Task input section start
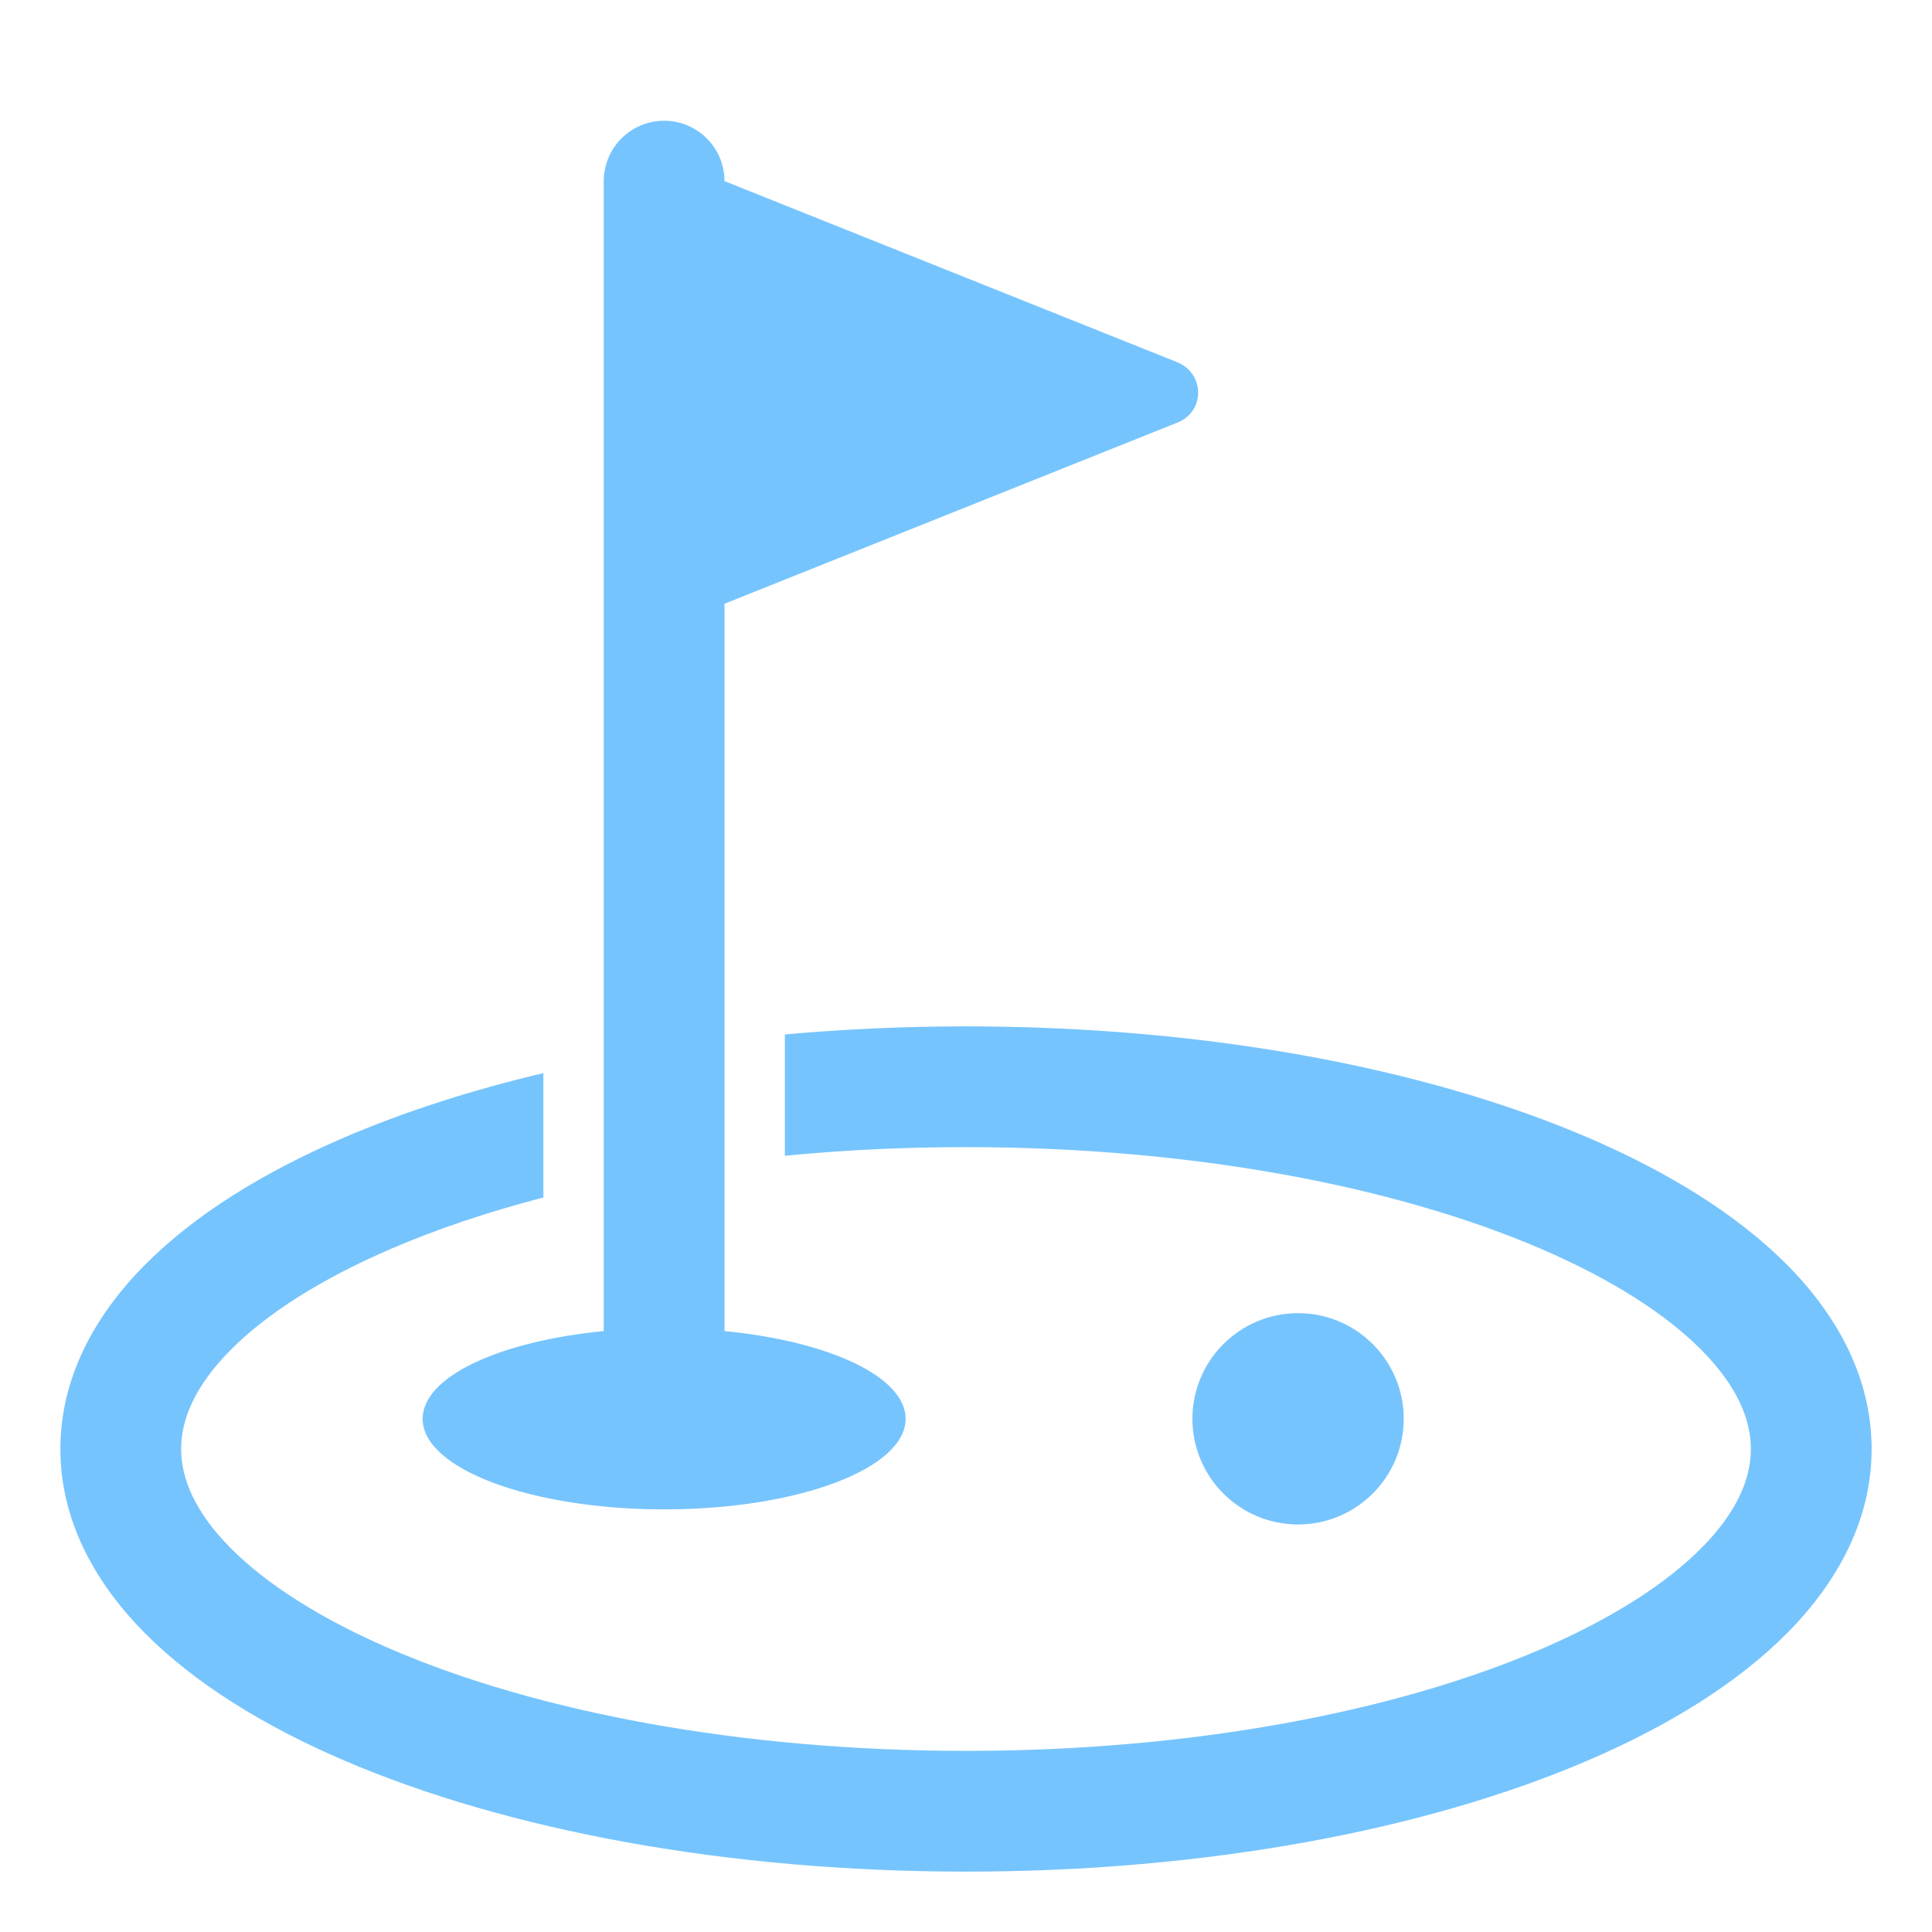 <?xml version="1.0" encoding="UTF-8"?> <svg xmlns="http://www.w3.org/2000/svg" viewBox="0 0 32.00 32.00" data-guides="{&quot;vertical&quot;:[],&quot;horizontal&quot;:[]}"><defs></defs><path fill="#76c4fd" stroke="none" fill-opacity="1" stroke-width="1" stroke-opacity="1" color="rgb(51, 51, 51)" id="tSvgf135c12ff7" title="Path 21" d="M11 2C11.552 2 12 2.448 12 3C14.5 4 17 5 19.5 6C19.96 6.19 19.96 6.82 19.5 7C17 8 14.5 9 12 10C12 14.016 12 18.032 12 22.047C13.725 22.214 15 22.801 15 23.5C15 24.328 13.209 25 11 25C8.791 25 7 24.328 7 23.5C7 22.801 8.275 22.214 10 22.047C10 15.698 10 9.349 10 3C10 2.448 10.448 2 11 2Z"></path><path fill="#76c4fd" stroke="none" fill-opacity="1" stroke-width="1" stroke-opacity="1" color="rgb(51, 51, 51)" id="tSvg1549fda487f" title="Path 22" d="M21.5 25.25C22.466 25.25 23.25 24.466 23.25 23.5C23.25 22.534 22.466 21.75 21.5 21.75C20.534 21.75 19.75 22.534 19.75 23.5C19.75 24.466 20.534 25.25 21.5 25.25Z"></path><path fill="#76c4fd" stroke="none" fill-opacity="1" stroke-width="1" stroke-opacity="1" color="rgb(51, 51, 51)" id="tSvgc1724dbe9f" title="Path 23" d="M16 19C14.966 19 13.961 19.049 13 19.143C13 18.473 13 17.803 13 17.134C13.971 17.046 14.975 17 16 17C19.968 17 23.608 17.687 26.293 18.838C27.634 19.413 28.783 20.123 29.612 20.962C30.444 21.806 31 22.833 31 24C31 25.167 30.444 26.194 29.612 27.038C28.783 27.877 27.634 28.587 26.293 29.162C23.608 30.313 19.968 31 16 31C12.032 31 8.392 30.313 5.707 29.162C4.366 28.587 3.217 27.877 2.388 27.038C1.556 26.194 1 25.167 1 24C1 22.833 1.556 21.806 2.388 20.962C3.217 20.123 4.366 19.413 5.707 18.838C6.687 18.418 7.795 18.059 9 17.774C9 18.461 9 19.148 9 19.834C8.081 20.073 7.24 20.357 6.494 20.677C5.302 21.188 4.401 21.771 3.812 22.367C3.228 22.959 3 23.51 3 24C3 24.49 3.228 25.041 3.812 25.633C4.401 26.229 5.302 26.812 6.494 27.323C8.876 28.344 12.236 29 16 29C19.764 29 23.124 28.344 25.506 27.323C26.698 26.812 27.599 26.229 28.188 25.633C28.772 25.041 29 24.49 29 24C29 23.51 28.772 22.959 28.188 22.367C27.599 21.771 26.698 21.188 25.506 20.677C23.124 19.656 19.764 19 16 19Z"></path></svg> 
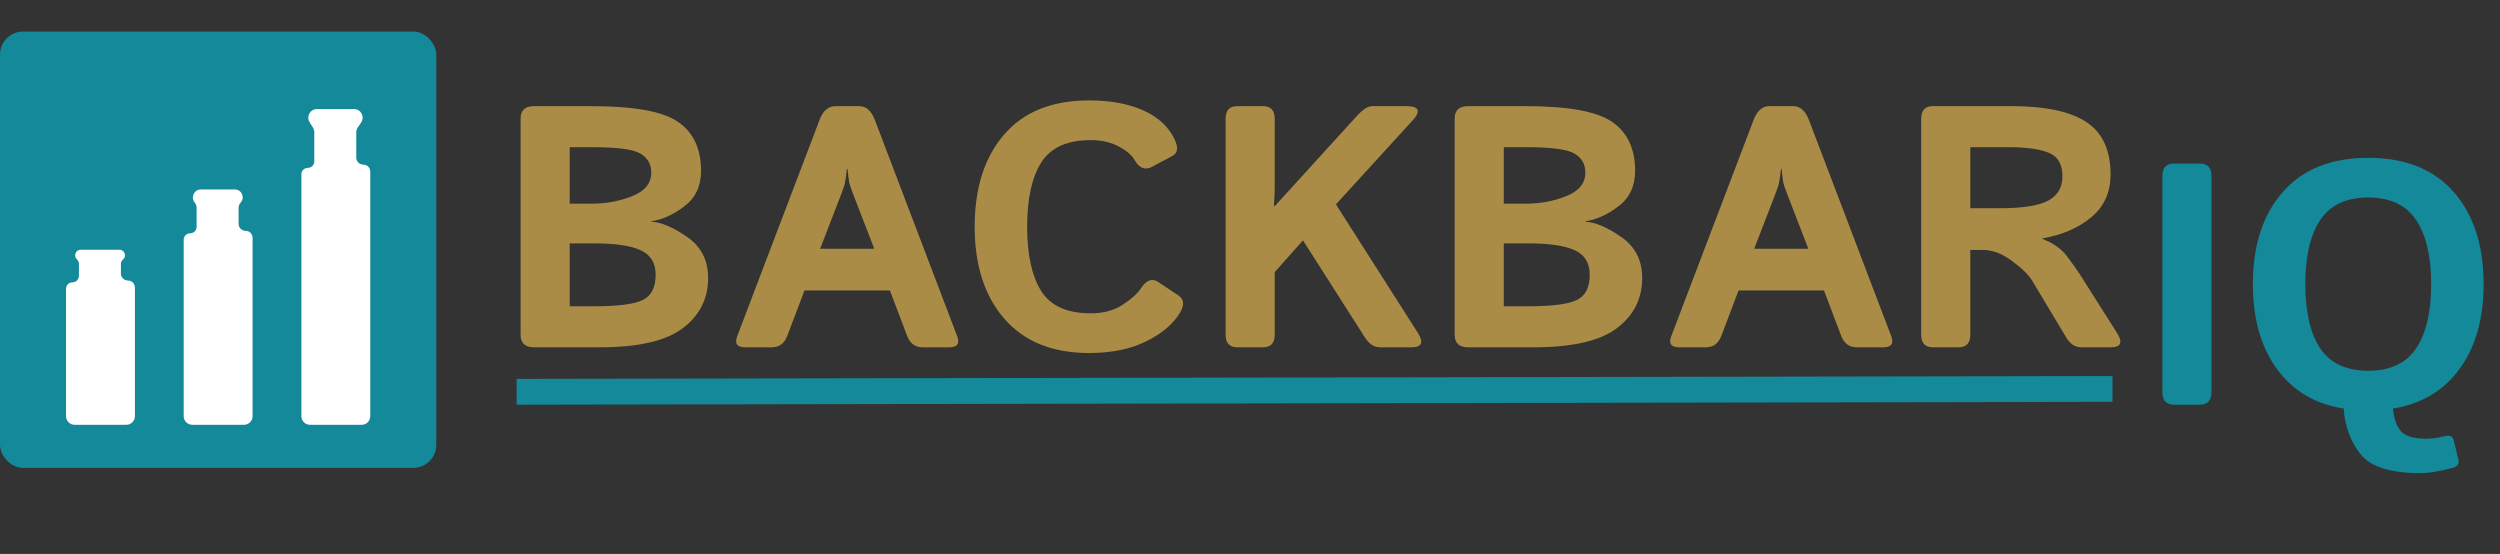 <svg width="871" height="193" viewBox="0 0 871 193" fill="none" xmlns="http://www.w3.org/2000/svg">
<rect x="0" y="0" width="871" height="193" fill="#333333" stroke="none"/>
<rect y="11" width="152" height="152" rx="8" fill="#138999"></rect>
<path d="M107.865 42.589C106.618 40.591 108.054 38 110.41 38H123.349C125.754 38 127.181 40.689 125.834 42.681L124.64 44.445C124.304 44.942 124.125 45.527 124.125 46.126V54.907C124.125 56.254 125.216 57.345 126.562 57.345C127.909 57.345 129 58.436 129 59.782V145C129 146.657 127.657 148 126 148H108C106.343 148 105 146.657 105 145V60.733C105 59.49 106.007 58.483 107.25 58.483C108.493 58.483 109.5 57.475 109.5 56.233V46.067C109.5 45.505 109.342 44.954 109.045 44.478L107.865 42.589Z" fill="white"></path>
<path d="M67.847 70.593C66.322 68.773 67.617 66 69.991 66H81.805C84.186 66 85.437 68.825 83.837 70.588C83.379 71.093 83.125 71.75 83.125 72.432V77.983C83.125 79.329 84.216 80.421 85.562 80.421C86.909 80.421 88 81.512 88 82.858V145C88 146.657 86.657 148 85 148H67C65.343 148 64 146.657 64 145V83.519C64 82.276 65.007 81.269 66.25 81.269C67.493 81.269 68.5 80.262 68.5 79.019V72.389C68.5 71.732 68.269 71.097 67.847 70.593Z" fill="white"></path>
<path d="M26.844 90.414C25.501 89.221 26.344 87 28.141 87H41.608C43.419 87 44.231 89.27 42.831 90.418C42.384 90.784 42.125 91.331 42.125 91.909V95.29C42.125 96.636 43.216 97.728 44.562 97.728C45.909 97.728 47 98.819 47 100.165V145C47 146.657 45.657 148 44 148H26C24.343 148 23 146.657 23 145V100.609C23 99.366 24.007 98.359 25.25 98.359C26.493 98.359 27.5 97.351 27.5 96.109V91.874C27.5 91.316 27.261 90.784 26.844 90.414Z" fill="white"></path>
<path d="M186.062 121C182.938 121 181.375 119.535 181.375 116.605V41.371C181.375 38.441 182.938 36.977 186.062 36.977H205.984C220.984 36.977 231.102 38.832 236.336 42.543C241.609 46.215 244.246 51.879 244.246 59.535C244.246 64.887 242.273 69.027 238.328 71.957C234.422 74.887 230.633 76.586 226.961 77.055V77.231C230.516 77.465 234.695 79.262 239.5 82.621C244.305 85.981 246.707 90.727 246.707 96.859C246.707 104.047 243.777 109.867 237.918 114.32C232.059 118.773 222.391 121 208.914 121H186.062ZM198.484 106.703H207.039C215.32 106.703 220.945 105.98 223.914 104.535C226.922 103.09 228.426 100.16 228.426 95.746C228.426 91.606 226.688 88.754 223.211 87.191C219.773 85.59 214.383 84.789 207.039 84.789H198.484V106.703ZM198.484 70.961H206.16C211.199 70.961 215.906 70.082 220.281 68.324C224.695 66.566 226.902 63.832 226.902 60.121C226.902 57.23 225.672 55.043 223.211 53.559C220.789 52.035 215.105 51.273 206.16 51.273H198.484V70.961ZM259.598 121C256.785 121 255.867 119.711 256.844 117.133L285.555 41.723C286.766 38.559 288.602 36.977 291.062 36.977H299.266C301.727 36.977 303.562 38.559 304.773 41.723L333.484 117.133C334.461 119.711 333.543 121 330.73 121H321.414C318.836 121 317.039 119.652 316.023 116.957L310.047 101.195H280.281L274.305 116.957C273.289 119.652 271.492 121 268.914 121H259.598ZM285.73 86.664H304.598L297.391 68.031C296.531 65.844 296.004 64.262 295.809 63.285C295.652 62.27 295.477 60.785 295.281 58.832H295.047C294.852 60.785 294.656 62.27 294.461 63.285C294.305 64.262 293.797 65.844 292.938 68.031L285.73 86.664ZM339.578 78.988C339.578 65.512 342.996 54.809 349.832 46.879C356.668 38.949 366.531 34.984 379.422 34.984C386.844 34.984 393.133 36.137 398.289 38.441C403.445 40.746 407.078 44.086 409.188 48.461C410.594 51.352 410.359 53.305 408.484 54.32L401.453 58.07C398.992 59.398 396.961 58.656 395.359 55.844C394.344 54.047 392.449 52.426 389.676 50.98C386.941 49.535 383.719 48.812 380.008 48.812C371.805 48.812 366.062 51.41 362.781 56.605C359.5 61.762 357.859 69.223 357.859 78.988C357.859 88.754 359.5 96.234 362.781 101.43C366.062 106.586 371.805 109.164 380.008 109.164C384.422 109.164 388.133 108.168 391.141 106.176C394.188 104.184 396.297 102.289 397.469 100.492C399.383 97.562 401.414 96.82 403.562 98.266L410.594 102.953C412.508 104.242 412.703 106.195 411.18 108.812C408.914 112.719 405.027 116.059 399.52 118.832C394.012 121.605 387.312 122.992 379.422 122.992C366.727 122.992 356.902 119.027 349.949 111.098C343.035 103.168 339.578 92.465 339.578 78.988ZM431.102 121C428.367 121 427 119.535 427 116.605V41.371C427 38.441 428.367 36.977 431.102 36.977H440.008C442.742 36.977 444.109 38.441 444.109 41.371V64.691C444.109 67.035 444.012 69.379 443.816 71.723H444.227L472.703 40.434C474.812 38.129 476.609 36.977 478.094 36.977H489.871C494.441 36.977 495.184 38.656 492.098 42.016L465.438 71.195L493.973 115.961C496.121 119.32 495.379 121 491.746 121H480.789C478.758 121 477 119.848 475.516 117.543L453.953 83.734L444.109 94.809V116.605C444.109 119.535 442.742 121 440.008 121H431.102ZM511.492 121C508.367 121 506.805 119.535 506.805 116.605V41.371C506.805 38.441 508.367 36.977 511.492 36.977H531.414C546.414 36.977 556.531 38.832 561.766 42.543C567.039 46.215 569.676 51.879 569.676 59.535C569.676 64.887 567.703 69.027 563.758 71.957C559.852 74.887 556.062 76.586 552.391 77.055V77.231C555.945 77.465 560.125 79.262 564.93 82.621C569.734 85.981 572.137 90.727 572.137 96.859C572.137 104.047 569.207 109.867 563.348 114.32C557.488 118.773 547.82 121 534.344 121H511.492ZM523.914 106.703H532.469C540.75 106.703 546.375 105.98 549.344 104.535C552.352 103.09 553.855 100.16 553.855 95.746C553.855 91.606 552.117 88.754 548.641 87.191C545.203 85.59 539.812 84.789 532.469 84.789H523.914V106.703ZM523.914 70.961H531.59C536.629 70.961 541.336 70.082 545.711 68.324C550.125 66.566 552.332 63.832 552.332 60.121C552.332 57.23 551.102 55.043 548.641 53.559C546.219 52.035 540.535 51.273 531.59 51.273H523.914V70.961ZM585.027 121C582.215 121 581.297 119.711 582.273 117.133L610.984 41.723C612.195 38.559 614.031 36.977 616.492 36.977H624.695C627.156 36.977 628.992 38.559 630.203 41.723L658.914 117.133C659.891 119.711 658.973 121 656.16 121H646.844C644.266 121 642.469 119.652 641.453 116.957L635.477 101.195H605.711L599.734 116.957C598.719 119.652 596.922 121 594.344 121H585.027ZM611.16 86.664H630.027L622.82 68.031C621.961 65.844 621.434 64.262 621.238 63.285C621.082 62.27 620.906 60.785 620.711 58.832H620.477C620.281 60.785 620.086 62.27 619.891 63.285C619.734 64.262 619.227 65.844 618.367 68.031L611.16 86.664ZM673.445 121C670.711 121 669.344 119.535 669.344 116.605V41.371C669.344 38.441 670.711 36.977 673.445 36.977H700.574C712.645 36.977 721.453 38.852 727 42.602C732.547 46.312 735.32 52.367 735.32 60.766C735.32 67.016 733.074 71.996 728.582 75.707C724.09 79.418 718.387 81.879 711.473 83.09V83.207C715.223 84.613 718.055 86.566 719.969 89.066C721.883 91.566 723.445 93.754 724.656 95.629L737.547 115.961C739.695 119.32 738.953 121 735.32 121H725.125C722.977 121 721.219 119.848 719.852 117.543L708.016 97.797C706.727 95.688 704.363 93.383 700.926 90.883C697.527 88.344 694.148 87.074 690.789 87.074H686.453V116.605C686.453 119.535 685.086 121 682.352 121H673.445ZM686.453 72.543H696.941C704.754 72.543 710.301 71.664 713.582 69.906C716.902 68.109 718.562 65.277 718.562 61.41C718.562 57.191 716.961 54.457 713.758 53.207C710.594 51.918 705.926 51.273 699.754 51.273H686.453V72.543Z" fill="#AA8C47"></path>
<path d="M757.477 141C754.742 141 753.375 139.535 753.375 136.605V61.371C753.375 58.441 754.742 56.977 757.477 56.977H766.383C769.117 56.977 770.484 58.441 770.484 61.371V136.605C770.484 139.535 769.117 141 766.383 141H757.477ZM784.898 98.988C784.898 85.512 788.375 74.809 795.328 66.879C802.281 58.949 812.203 54.984 825.094 54.984C837.984 54.984 847.906 58.949 854.859 66.879C861.812 74.809 865.289 85.512 865.289 98.988C865.289 112.465 861.812 123.168 854.859 131.098C849.547 137.152 842.496 140.902 833.707 142.348C834.059 145.863 834.977 148.48 836.461 150.199C837.984 151.957 840.914 152.836 845.25 152.836C847.242 152.836 849.312 152.562 851.461 152.016C853.414 151.508 854.547 151.938 854.859 153.305L856.5 160.102C856.852 161.625 856.148 162.602 854.391 163.031C849.781 164.242 846.109 164.848 843.375 164.848C832.906 164.848 825.914 162.641 822.398 158.227C818.922 153.812 816.969 148.52 816.539 142.348C807.711 140.941 800.641 137.191 795.328 131.098C788.375 123.168 784.898 112.465 784.898 98.988ZM803.18 98.988C803.18 108.754 804.918 116.234 808.395 121.43C811.91 126.586 817.477 129.164 825.094 129.164C832.711 129.164 838.258 126.586 841.734 121.43C845.25 116.234 847.008 108.754 847.008 98.988C847.008 89.223 845.25 81.762 841.734 76.606C838.258 71.41 832.711 68.812 825.094 68.812C817.477 68.812 811.91 71.41 808.395 76.606C804.918 81.762 803.18 89.223 803.18 98.988Z" fill="#138999"></path>
<line x1="179.992" y1="136.5" x2="735.992" y2="135.5" stroke="#138999" stroke-width="9"></line>
</svg>
Task input section end
◆ **Activity**: Sift through the material above and copy the lines that contain the word "rect".

◆ **Response**:
<rect x="0" y="0" width="871" height="193" fill="#333333" stroke="none"/>
<rect y="11" width="152" height="152" rx="8" fill="#138999"></rect>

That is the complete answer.